Victor Hugo e o invisível ~


A EXPERIÊNCIA ESPÍRITA DE VICTOR HUGO

   Victor Hugo possuía fé no plano divino do Universo, razão porque baseava o seu lirismo sobre essa profunda convicção. Confiava na lei do progresso e admitia que tudo evolui apesar das incertezas humanas. Quando o homem, orgulhosamente, se considera "o fim e a meta do universo", o poeta exclama: ''Acreditas que esta vida universal, que vai da rosa à árvore, da árvore ao animal, que se eleva insensivelmente da pedra a ti, detem-se ante o declive do abismo do homem? Não, prossegue invencível e admirável, penetra no invisível e no imponderável, desvanece-se para ti, plena do azul de um mundo deslumbrante, penetra entre seres que estão em volta do homem e outros que estão longe dele, os espíritos puros, anjos, formados de raios, como o homem está formado de instintos. Prossegue através de céus sempre elevados, sobe escalando as estrelas; dos demónios desencadeados, sobe até aos seres alados, ao espírito astro como o sol arcanjo; une, estreitando milhões de léguas, os grupos de constelações com as legiões azuis; povoa o alto, as bordas e o centro, e em todas as profundezas está em Deus".

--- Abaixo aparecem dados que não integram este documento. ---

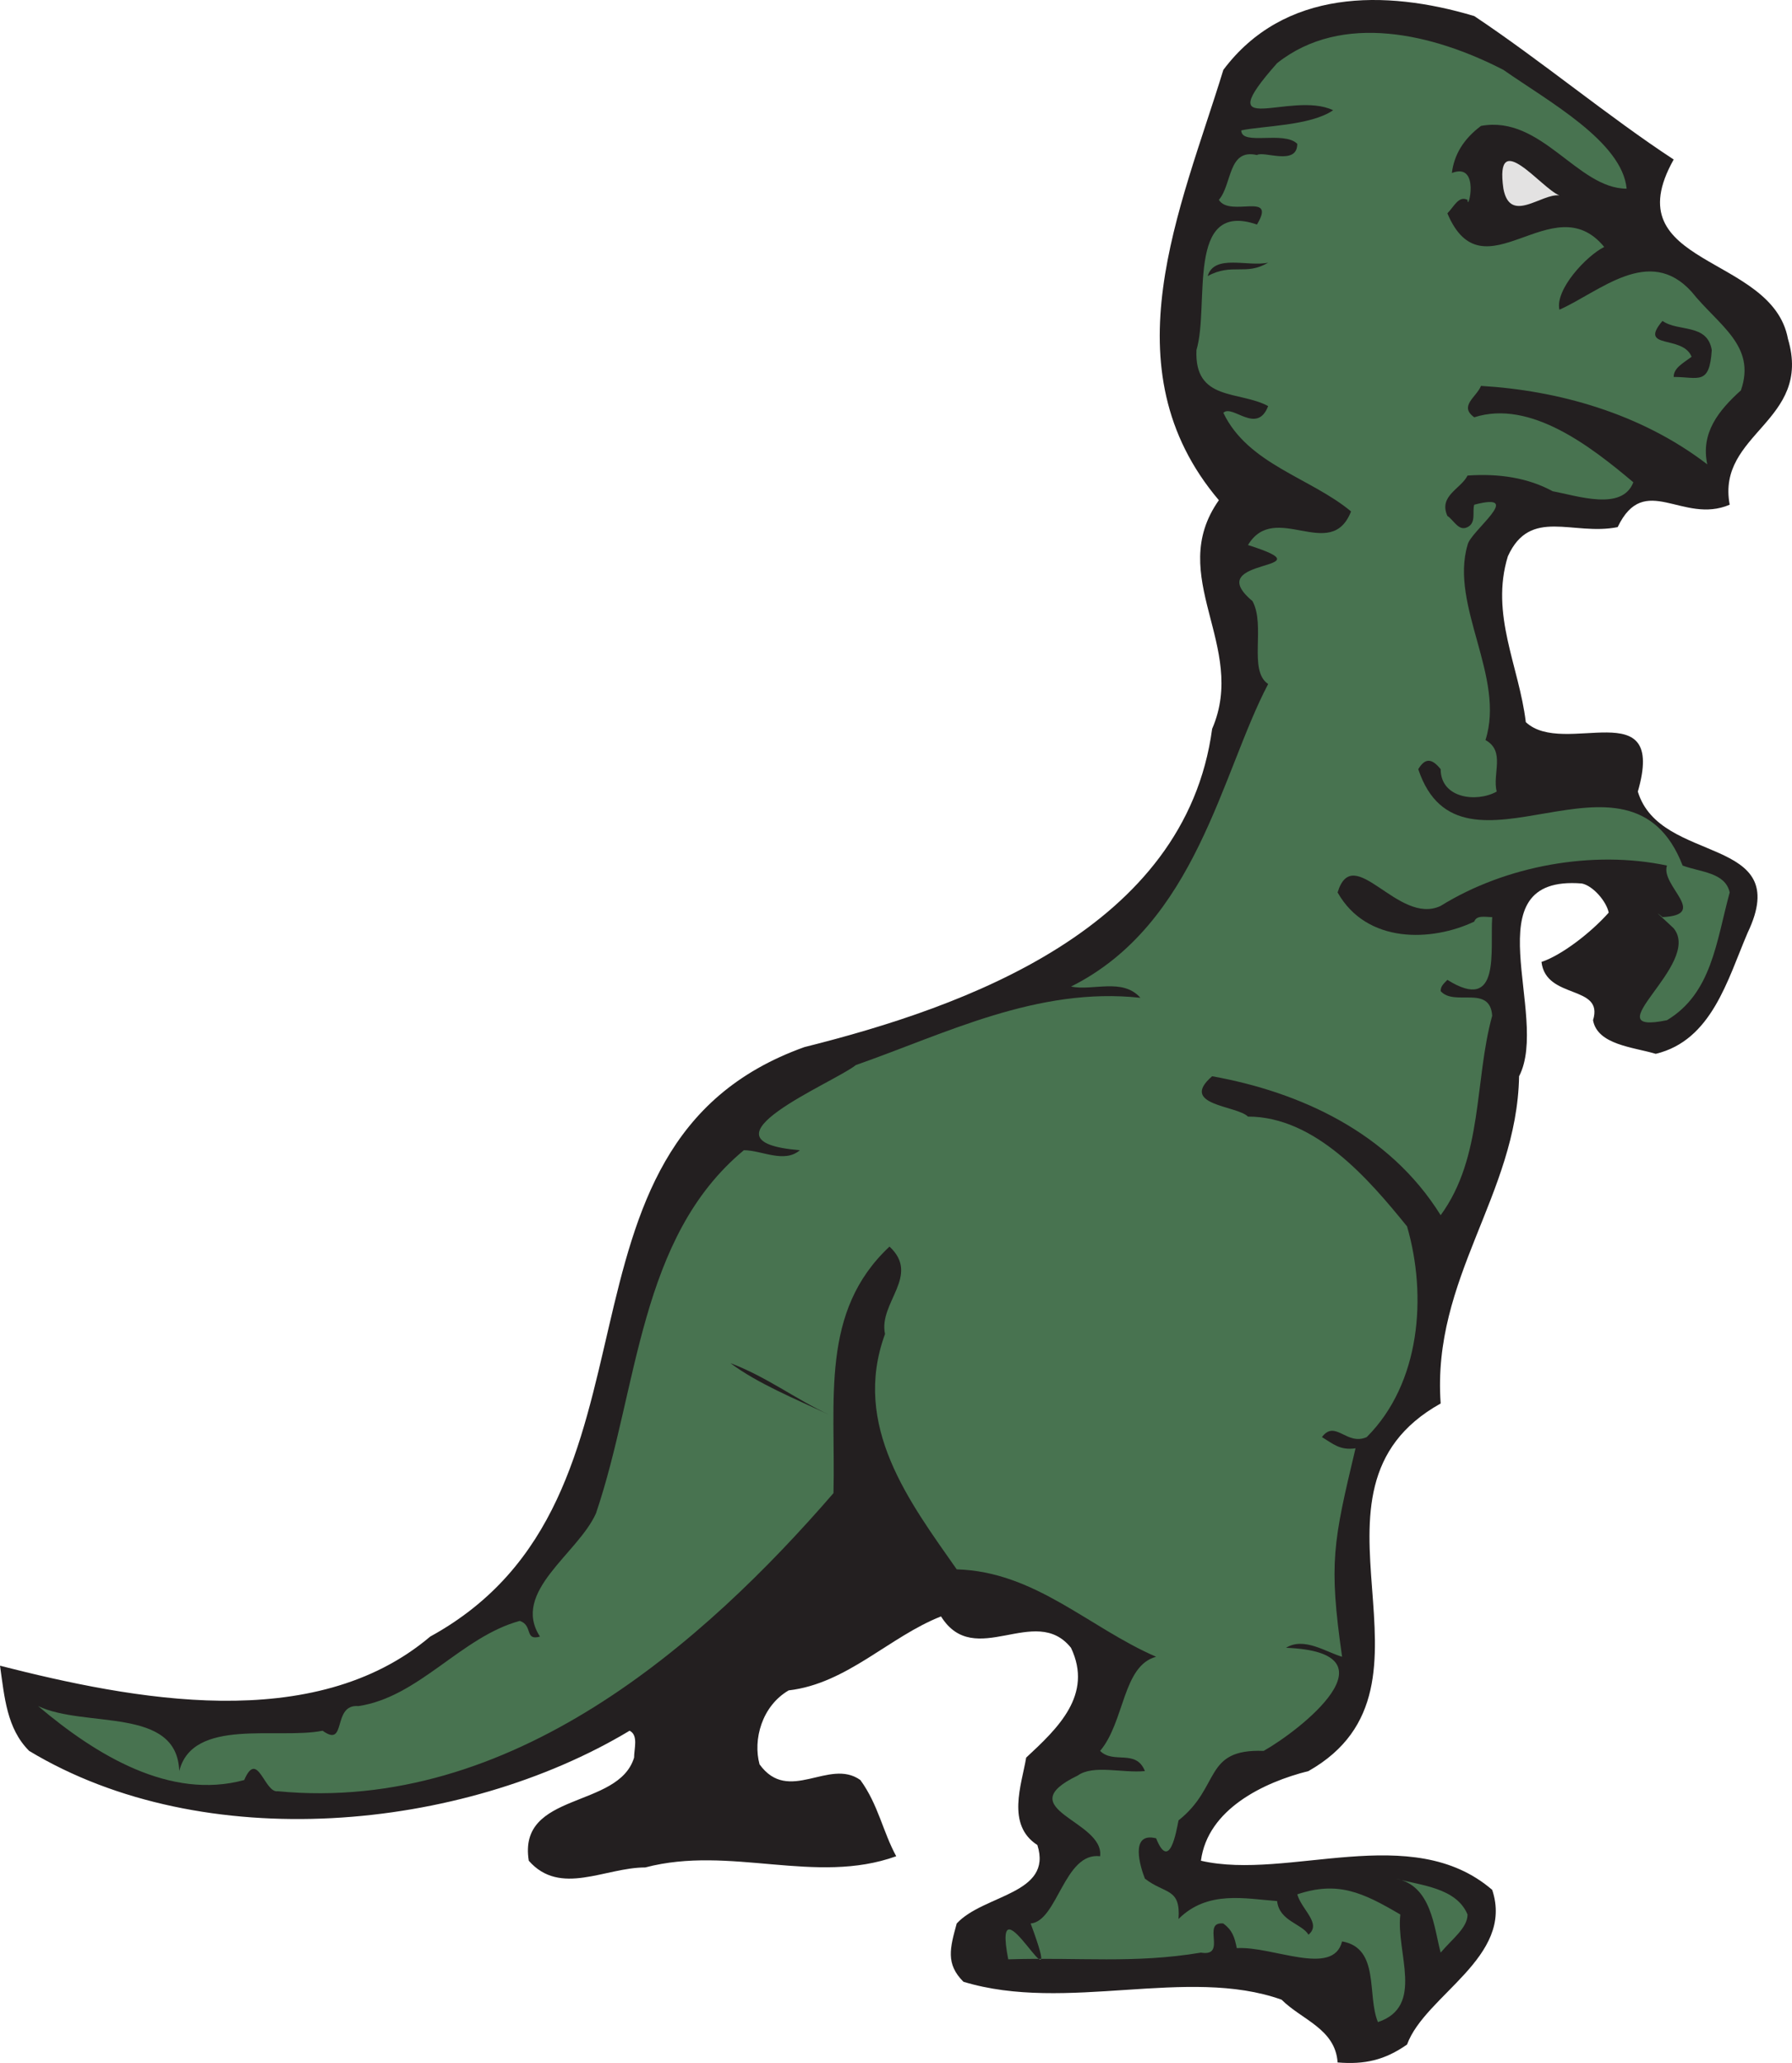 <svg xmlns="http://www.w3.org/2000/svg" width="599.857" height="690.314"><path fill="#231f20" fill-rule="evenodd" d="M560.25 53.383c-20.25 36 33 31.5 38.25 60 8.25 27.75-24 31.5-19.5 55.5-15.75 6.75-28.5-11.25-37.5 7.5-15 3-29.25-6.75-36.75 9.75-6 19.5 3.75 36.75 6 55.5 12.75 12 47.25-10.5 37.5 23.25 7.5 24.75 52.5 14.25 36.75 47.25-6.75 15.75-12 36-30.75 40.5-7.5-2.25-19.5-3-21-11.25 3.75-12-15.75-6.75-17.25-19.5 6.75-2.25 16.5-9.75 22.5-16.5-.75-3.75-5.25-9-9-9.75-37.5-3-10.5 44.25-21 64.5-.75 39.75-29.25 67.5-26.25 109.5-52.5 29.25 6 94.5-44.25 123-15 3.75-33.75 12.75-36 30 29.25 6.75 70.5-13.5 97.5 9.75 7.5 22.5-22.5 35.25-28.5 51.75-7.5 5.25-14.25 6.75-23.25 6-.75-11.25-12-14.25-18.75-21-31.5-11.25-72 4.5-106.5-6-6-6-4.5-11.25-2.25-19.5 9-9.75 32.25-9.75 27-26.25-10.5-6.75-5.25-20.25-3.75-29.25 10.5-9.75 22.5-21 15-36.75-12-15-32.25 7.5-43.5-10.5-17.25 6.75-31.5 22.5-51 24.75-9 5.25-12 16.5-9.75 24.75 9.75 13.5 23.25-2.25 33.75 5.25 6 8.25 7.5 17.25 12 25.5-27 9.75-55.5-3.75-84 3.75-13.5 0-28.5 9.75-39-2.25-3.75-23.25 30-17.25 35.25-34.5 0-3 1.5-7.5-1.5-9-56.25 33.75-142.5 42-201 6.75-7.5-7.5-8.25-18-9.75-28.5 44.25 11.25 105 23.25 144-9.75 84.75-46.5 33-164.25 125.25-197.25 54-13.5 127.5-39.75 136.5-106.5 12-27.75-15.75-51 2.25-76.5-37.5-44.25-12.75-97.5 1.5-144 20.25-27 54-27 84-18 22.5 15 45 33.75 66.75 48"/><path fill="#487350" fill-rule="evenodd" d="M544.5 63.133c-16.5 0-28.5-24.75-48.75-21-6 4.5-9 9.75-9.75 15.75 9.75-3.75 5.25 13.5 5.25 9-3-1.5-4.5 2.25-6.75 4.5 12 28.5 35.25-9.75 52.5 11.25-6 3-16.5 14.25-15 21 13.5-6 30-21.75 44.25-6 9 11.25 21.75 18 16.5 33-7.5 6.75-13.5 14.25-11.25 24.75-22.5-17.25-50.25-24.75-75.75-26.25-1.5 3.75-7.5 6.75-2.25 10.5 18.75-6 39 9.75 53.25 21.75-3.75 9.75-18.75 4.5-27 3-8.25-4.5-18-6-28.5-5.25-2.25 4.5-9.75 6.75-6.75 13.5 2.25 1.5 3.75 5.25 6.75 3.75s1.5-5.25 2.25-7.5c17.25-4.5-1.5 9-2.25 13.5-6 20.25 12.75 44.25 6 65.25 6.75 3.75 2.25 11.25 3.75 17.25-6.75 3.75-18.75 2.25-18.75-7.5-3-3.75-5.25-3.75-7.5 0 14.25 42.75 70.5-14.25 88.5 32.25 6 2.25 14.25 2.25 15.75 9-4.5 16.5-6 33.75-21 42.75-25.5 5.25 12-18.75 2.25-30.75-1.5-1.5-8.25-7.5-3.75-3.75 15.75-.75-.75-10.5 1.5-17.25-24.75-5.25-54 0-75.75 13.5-14.25 6.75-29.25-21.75-34.5-4.5 9.75 17.25 31.5 16.5 45.75 9.75.75-2.25 3.75-1.5 6-1.5-.75 11.25 3 32.25-15 21-1.5 1.5-2.25 2.25-2.25 3.75 4.5 5.25 16.5-2.25 17.25 8.25-6 21.75-3 47.25-17.25 66.75-17.25-27.75-47.25-41.25-76.5-46.5-11.25 9.75 8.25 9.75 12 13.5 22.5 0 40.5 21 53.25 36.75 6.75 23.25 4.5 52.5-13.5 70.5-6.75 3-10.5-6-15 0 3.75 2.25 6 4.5 11.25 3.75-7.5 31.5-9 38.25-4.5 69.75-5.25-1.5-12.75-6.75-18.75-3 38.25 1.5 4.5 27.75-7.5 34.5-20.25-.75-14.25 12-28.5 23.25-.75 3.75-3 17.25-7.5 6-9-2.25-5.25 9.75-3.75 13.5 6.75 5.25 12 3 11.25 13.5 9.75-9.75 22.5-6.75 33-6 .75 6.75 8.25 7.5 10.5 11.25 4.5-3.75-2.25-8.25-3.75-13.5 13.5-4.5 21.75-.75 34.5 6.75-1.5 12.75 8.25 30.75-7.5 36-3.75-9 .75-24.75-12-27-3 12-23.25 1.5-35.25 2.25-.75-3.75-1.5-6-4.5-8.25-7.5-.75 1.5 11.25-7.5 9.75-22.5 3.75-40.5 1.5-64.5 2.25-6-30.75 20.25 22.5 7.5-12 9-.75 11.25-24 23.25-22.5 1.5-12-30.75-15.75-7.5-27 5.25-3.75 15-.75 22.5-1.5-3-7.5-10.5-2.25-15-6.75 8.25-9.75 7.5-28.5 18.75-31.5-22.5-9.75-40.5-28.5-66.75-29.25-15.75-22.5-35.25-48-24-78.75-2.25-10.5 12-19.5 1.5-29.25-23.25 21.75-18 51-18.75 82.5-43.5 50.25-108 107.25-186 99.75-4.5.75-6.75-14.25-11.25-3.75-24.75 6.75-49.5-8.25-69-24.75 15.75 7.5 46.5 0 47.25 21.75 4.5-18 33-10.5 48-13.5 8.25 6 3-9 12-8.25 20.25-3 34.5-23.25 54-28.5 4.5 1.5 1.5 6.75 6.75 5.25-9.75-15 12.75-27.75 18.75-41.25 14.25-42 14.25-92.25 49.5-121.5 6 0 13.5 4.5 18.75 0-36.75-3 11.25-22.5 18.75-28.5 30-10.5 60.75-26.25 95.25-22.5-6-6.75-15.75-2.25-23.25-3.75 42-21 50.25-71.25 66-101.25-6.75-4.5-.75-19.5-5.25-27.75-18-15 27-9.75-1.5-18.75 9-15 27.75 6 34.5-11.25-13.5-11.25-34.5-15.75-42.75-33 3-3 11.25 7.5 15-2.25-9.75-5.25-24.75-1.5-24-18.75 4.5-15-3.75-50.25 20.25-42 6.75-11.25-9-2.25-12.75-8.25 4.5-5.25 3-17.25 12.75-15 2.25-1.5 13.5 3.75 13.5-3.75-4.5-4.5-18.75.75-18.75-4.5 6.75-1.5 23.25-1.5 30.75-6.75-14.25-6.75-42 10.5-18.75-15.75 21.75-17.25 52.5-9.75 75.75 2.25 15 10.5 39.75 24 41.25 39.75"/><path fill="#e3e2e2" fill-rule="evenodd" d="M522 65.383c-6-.75-16.5 9.75-18.75-2.25-3-21 12.75 0 18.75 2.25"/><path fill="#231f20" fill-rule="evenodd" d="M404.25 92.383c2.25-7.5 13.5-3 20.25-4.5-7.5 4.5-12 0-20.25 4.5M573 117.133c-.75 12-4.5 9-12.75 9 0-3 3-4.5 6-6.75-3-7.5-18-2.25-9.75-12 5.25 3.75 15 .75 16.5 9.75m-125.25 291c7.5 3 13.5 6 21 9-7.5-3-13.5-6-21-9m-170.25 65.25c-11.25-5.25-24-10.5-33-17.25 12 4.5 21.75 12 33 17.25"/><path fill="#487350" fill-rule="evenodd" d="M491.25 640.633c0 4.5-5.25 8.25-9 12.75-2.25-8.25-3-22.5-15-24.75 8.25 2.25 20.25 3 24 12"/></svg>

   A visão cósmica que possuía sobre o homem faz-nos recordar este maravilhoso texto mediúnico: "Habitante do espaço, fénix que renasce da matéria, peregrino dos mundos nos quais deixa um ser que foi e é, conta suas horas por períodos de vida. Guerreiro incansável, veste-se de organismo para lutar e acrescentar aos seus domínios mais verdade e ao seu poder mais luz" |*

   A primeira sessão mediúnica de Victor Hugo foi publicada por Gustavo Simón (ver o seu livro "Les tables tournantes de Jersey", editorial Louis Conard, Paris), na qual se manifestou a sua filha Leopoldina, há pouco falecida em naufrágio, e lavrou a correspondente acta o célebre poeta e dramaturgo Augusto Vacquerie. Eis o relato:

   "Quando se falava das mesas girantes nós duvidávamos. Havíamos feito experiências com elas, mas sem êxito certo. Víamos, sobretudo, na atenção que em todas as partes se dedicava a estes fenómenos uma armadilha da polícia francesa para distrair o espírito público das vergonhas do governo. Assim estávamos quando Mme. de Girardin veio a Jersey para visitar Victor Hugo. Chegou na terça-feira, 6 de setembro de 1853.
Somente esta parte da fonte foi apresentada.